В описании периода «политической» фазы эмиграции у Печерина выделяются два основных направления. Во-первых, он рисует шаржированные портреты революционеров, малоотличимых от жуликов и авантюристов. Наблюдение над ними приводит его к выводу о существовании революционной иерархии, страдающей всеми пороками иерархических закрытых систем. Другую часть повествования занимает описание его странствий, особенно подробно он рассказывает о пятинедельном пешем путешествии, вернее, бегстве из Цюриха, завершившемся случайной, но окончательной и роковой остановкой в Льеже.

Описание этого пешего путешествия и является «переправой в иное царство», «осью, серединой сказки», самым ярким моментом его перехода от состояния русского политического эмигранта, принадлежащего к своего рода республиканской аристократии, – к положению «бесприютного нищего», голодного и почти нагого, утратившего все привилегии своего класса, кроме развитого сознания и обширных знаний. Пунктиром этого перехода служит замечательное описание смены одежд, переодевания, которым сопровождается каждый этап его пути на дно. Началось с того, что, будучи в Цюрихе в крайней нужде, мечтая, как он шутливо пишет, продать душу дьяволу, который так и не явился, хотя он призывал его «с теплою верою и твердым упованием», Печерин должен был «заложить жиду» свой «славный петербургский плащ». Вырученных денег на уплату хозяйке за квартиру недоставало, и он попросту оставил город, выйдя прекрасным майским утром прогуляться по большой дороге в Базель, пограничный пункт между Швейцарией и Францией. «На мне был щегольской сюртук, – повествует Печерин, – жилет и панталоны совершенно новые, только с иголочки (разумеется в долг). Я был совершенно налегке, вовсе не по-дорожному, а так просто фланирующий господин» (РО: 188). Благополучно перейдя границу, он оказался во Франции, «обетованной земле, таинственном пределе мечтаний и надежд» не только его детства и юности, как он с иронией говорит, но и всей либерально мыслящей части русской интеллигенции. Заплатив последние два франка за визу в паспорте, он остался без копейки в кармане и без «облачка заботы на сердце».

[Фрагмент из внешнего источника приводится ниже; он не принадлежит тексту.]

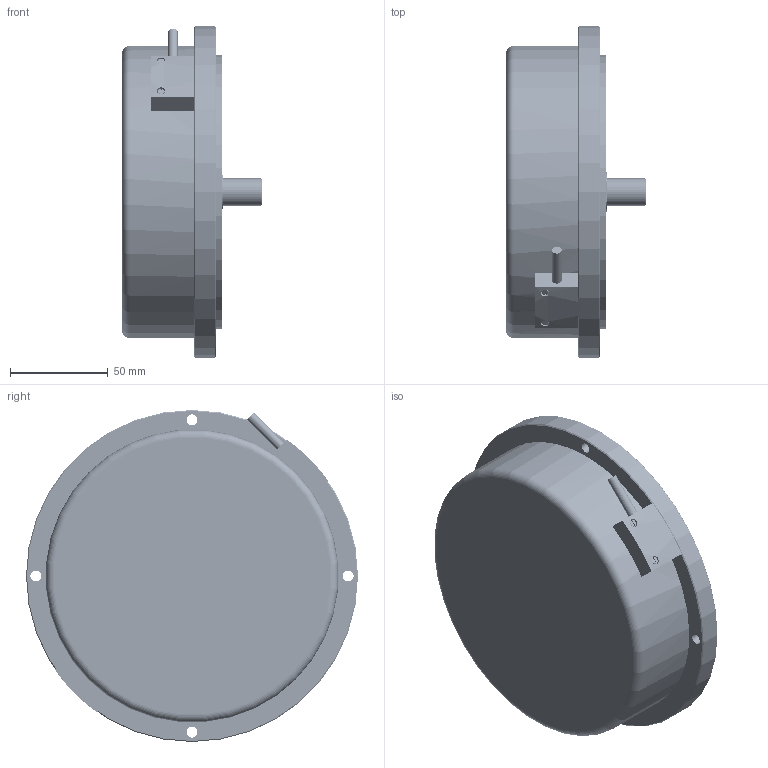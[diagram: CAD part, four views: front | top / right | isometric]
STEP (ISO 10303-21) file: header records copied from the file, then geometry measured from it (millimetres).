
FILE_DESCRIPTION (( 'STEP AP214' ), '1' );
FILE_NAME ('ﾋﾈﾐ-1170ﾀ.STEP', '2017-05-23T09:02:02', ( '' ), ( '' ), 'SwSTEP 2.0', 'SolidWorks 2013', '' );
FILE_SCHEMA (( 'AUTOMOTIVE_DESIGN' ));
Length unit declared in the file: millimetre
Products named in the file (1): ﾋﾈﾐ-1170ﾀ
Bounding box: 71.65 x 170 x 170 mm (x, y, z)
Volume: 432615.3 mm3; surface area: 223664.4 mm2
Topology: 32 solids, 32 shells, 2874 faces, 7734 edges, 4920 vertices
Faces by surface type: cone 1305, cylinder 924, plane 256, sphere 224, torus 160, bspline 5
Entity records: 138867 total; most frequent: CARTESIAN_POINT 32689, DIRECTION 16775, ORIENTED_EDGE 15444, EDGE_CURVE 7722, AXIS2_PLACEMENT_3D 7169, VERTEX_POINT 4920, CIRCLE 4299, EDGE_LOOP 3126
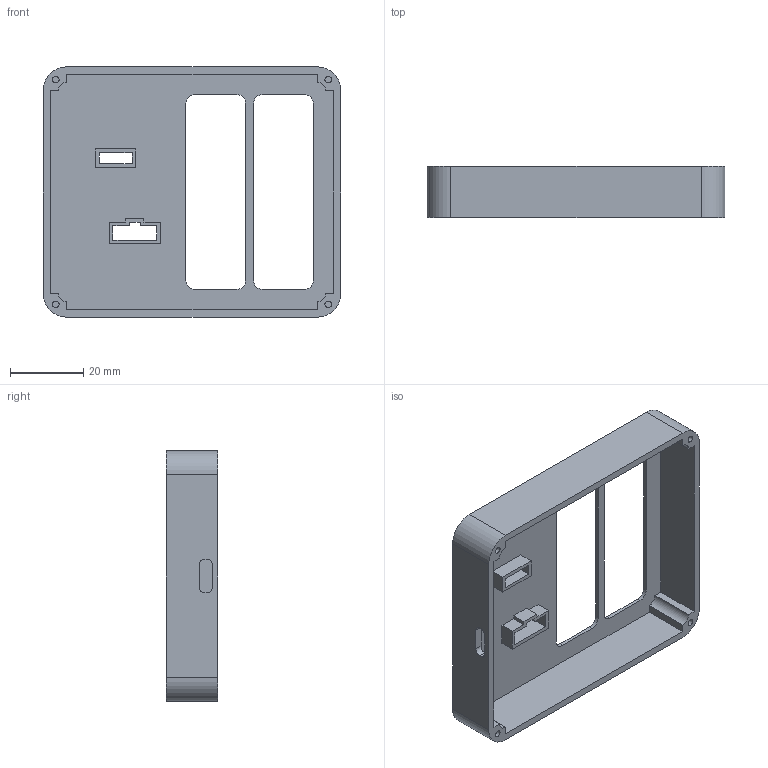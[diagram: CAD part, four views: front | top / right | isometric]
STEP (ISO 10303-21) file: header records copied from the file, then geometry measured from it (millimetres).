
FILE_DESCRIPTION(/* description */ (''),/* implementation_level */ '2;1');
FILE_NAME(/* name */ 'top.step',/* time_stamp */ '2025-05-10T16:07:53+01:00',/* author */ (''),/* organization */ (''),/* preprocessor_version */ 'ST-DEVELOPER v20.1',/* originating_system */ 'Autodesk Translation Framework v14.4.0.0',/* authorisation */ '');
FILE_SCHEMA (('AUTOMOTIVE_DESIGN { 1 0 10303 214 3 1 1 }'));
Length unit declared in the file: millimetre
Products named in the file (1): top
Bounding box: 81.5 x 14 x 68.5 mm (x, y, z)
Volume: 11758.6 mm3; surface area: 16345.9 mm2
Topology: 1 solids, 1 shells, 209 faces, 573 edges, 382 vertices
Faces by surface type: plane 135, bspline 50, cylinder 24
Full cylindrical faces by diameter (mm): 1.8 x4
Entity records: 7088 total; most frequent: CARTESIAN_POINT 2015, ORIENTED_EDGE 1146, DIRECTION 841, EDGE_CURVE 573, LINE 425, VECTOR 425, VERTEX_POINT 382, EDGE_LOOP 235
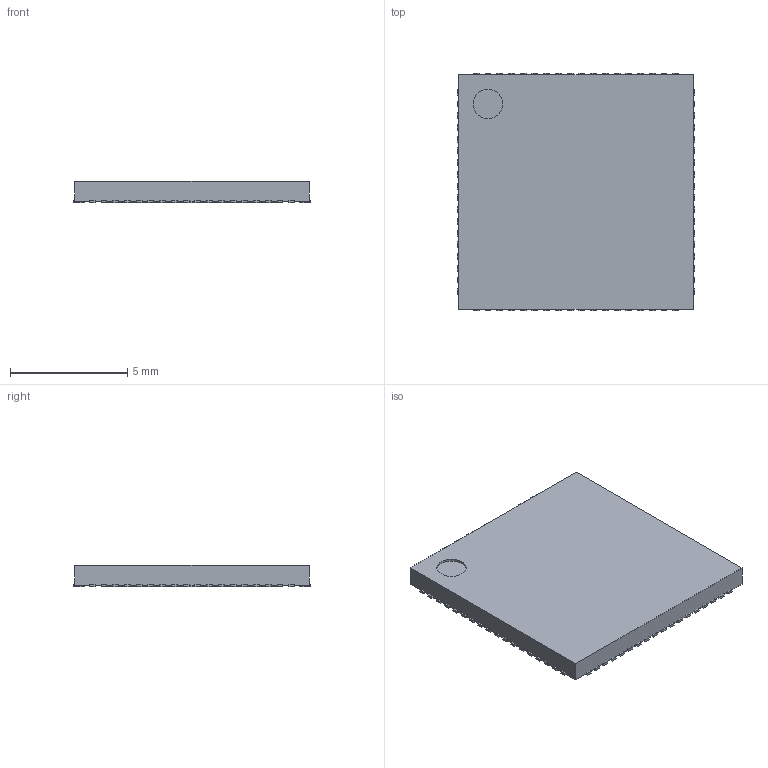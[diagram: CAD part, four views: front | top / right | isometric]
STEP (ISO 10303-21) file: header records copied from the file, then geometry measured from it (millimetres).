
FILE_DESCRIPTION(('FreeCAD Model'),'2;1');
FILE_NAME('11377448.2.1.stp','2021-02-04T12:17:50',( 'Author'),(''),'Open CASCADE STEP processor 6.9','FreeCAD','Unknown' );
FILE_SCHEMA(('AUTOMOTIVE_DESIGN { 1 0 10303 214 1 1 1 1 }'));
Length unit declared in the file: millimetre
Products named in the file (5): ASSEMBLY; Body; ThermalPin; PinsArrayLR; PinsArrayTB
Assembly tree (4 placements, depth 2):
  ASSEMBLY
    Body
    ThermalPin
    PinsArrayLR
    PinsArrayTB
Bounding box: 10.1 x 10.1 x 0.9 mm (x, y, z)
Volume: 90.8 mm3; surface area: 364.8 mm2
Topology: 74 solids, 74 shells, 446 faces, 891 edges, 594 vertices
Faces by surface type: plane 373, cylinder 73
Full cylindrical faces by diameter (mm): 1.25 x1
Entity records: 23848 total; most frequent: CARTESIAN_POINT 4150, DIRECTION 3649, LINE 2381, VECTOR 2381, ORIENTED_EDGE 1782, PCURVE 1782, DEFINITIONAL_REPRESENTATION 1782, EDGE_CURVE 891
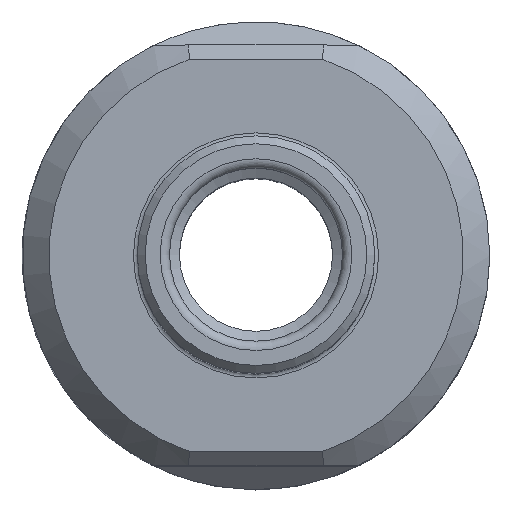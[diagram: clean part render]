
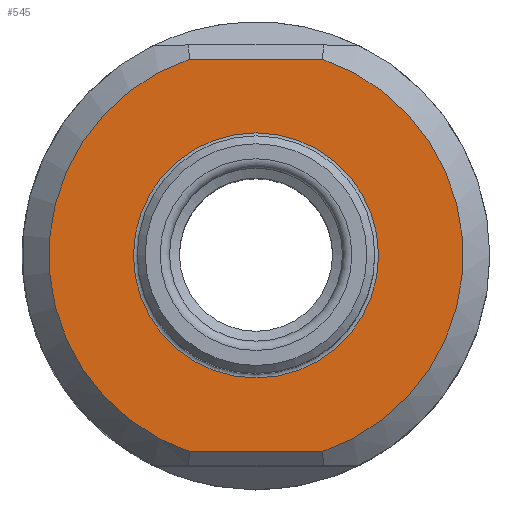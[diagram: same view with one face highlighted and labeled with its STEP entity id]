
A CAD part, top view. The second image highlights one B-rep face of the part: STEP entity #545.
In plain terms, the highlighted planar face has unit normal (0, 0, 1).
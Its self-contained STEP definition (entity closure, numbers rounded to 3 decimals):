
#32=LINE('',#794,#42);
#33=LINE('',#795,#43);
#42=VECTOR('',#644,1000.);
#43=VECTOR('',#645,1000.);
#52=PLANE('',#581);
#62=CIRCLE('',#577,22.15);
#63=CIRCLE('',#579,22.15);
#65=CIRCLE('',#582,13.1);
#95=ORIENTED_EDGE('',*,*,#179,.F.);
#96=ORIENTED_EDGE('',*,*,#180,.F.);
#97=ORIENTED_EDGE('',*,*,#172,.T.);
#98=ORIENTED_EDGE('',*,*,#181,.T.);
#99=ORIENTED_EDGE('',*,*,#174,.T.);
#172=EDGE_CURVE('',#210,#214,#62,.T.);
#174=EDGE_CURVE('',#217,#215,#63,.T.);
#179=EDGE_CURVE('',#221,#221,#65,.T.);
#180=EDGE_CURVE('',#210,#215,#32,.T.);
#181=EDGE_CURVE('',#214,#217,#33,.T.);
#210=VERTEX_POINT('',#747);
#214=VERTEX_POINT('',#764);
#215=VERTEX_POINT('',#771);
#217=VERTEX_POINT('',#774);
#221=VERTEX_POINT('',#793);
#253=EDGE_LOOP('',(#95));
#254=EDGE_LOOP('',(#96,#97,#98,#99));
#299=FACE_BOUND('',#253,.T.);
#300=FACE_BOUND('',#254,.T.);
#545=ADVANCED_FACE('',(#299,#300),#52,.F.);
#577=AXIS2_PLACEMENT_3D('',#765,#632,#633);
#579=AXIS2_PLACEMENT_3D('',#773,#636,#637);
#581=AXIS2_PLACEMENT_3D('',#791,#640,#641);
#582=AXIS2_PLACEMENT_3D('',#792,#642,#643);
#632=DIRECTION('',(0.,0.,1.));
#633=DIRECTION('',(1.,0.,0.));
#636=DIRECTION('',(0.,0.,1.));
#637=DIRECTION('',(1.,0.,0.));
#640=DIRECTION('',(0.,0.,-1.));
#641=DIRECTION('',(-1.,0.,0.));
#642=DIRECTION('',(0.,0.,1.));
#643=DIRECTION('',(1.,0.,0.));
#644=DIRECTION('',(-1.,0.,0.));
#645=DIRECTION('',(-1.,0.,0.));
#747=CARTESIAN_POINT('',(7.044,-21.,60.));
#764=CARTESIAN_POINT('',(7.044,21.,60.));
#765=CARTESIAN_POINT('',(0.,0.,60.));
#771=CARTESIAN_POINT('',(-7.044,-21.,60.));
#773=CARTESIAN_POINT('',(0.,0.,60.));
#774=CARTESIAN_POINT('',(-7.044,21.,60.));
#791=CARTESIAN_POINT('',(12.7,0.,60.));
#792=CARTESIAN_POINT('',(0.,0.,60.));
#793=CARTESIAN_POINT('',(13.1,0.,60.));
#794=CARTESIAN_POINT('',(24.314,-21.,60.));
#795=CARTESIAN_POINT('',(24.314,21.,60.));

Спасение, как саркастически замечает Печерин, «пришло от иудеев» – опять он вступает в сделку с «жидом», отдает ему сюртук, жилет и панталоны и получает белую блузу с жилетом и панталонами того же материала и восемь франков в придачу. Итак, на нем белая дорожная блуза, в отличие от синей, принадлежности исключительно рабочего класса. В этом костюме, но уже сильно помятом и нечистом, он входит в Нанси, в разгар годовой ярмарки. И тут, усталый и голодный, среди праздничной толпы, Печерин ощутил не просто одиночество и бесприютность, а испытал чувство поражения, «ужасно как упал духом». Впервые он оказался не защищенным своим статусом дворянина, впервые любой лакей имел право сказать ему: «Что ты тут стоишь, бродяга?» (РО: 188). Очевидно, что бегством из Цюриха, в котором он пробыл полтора года, до весны 1838, завершились его революционные планы и надежды на политическую карьеру.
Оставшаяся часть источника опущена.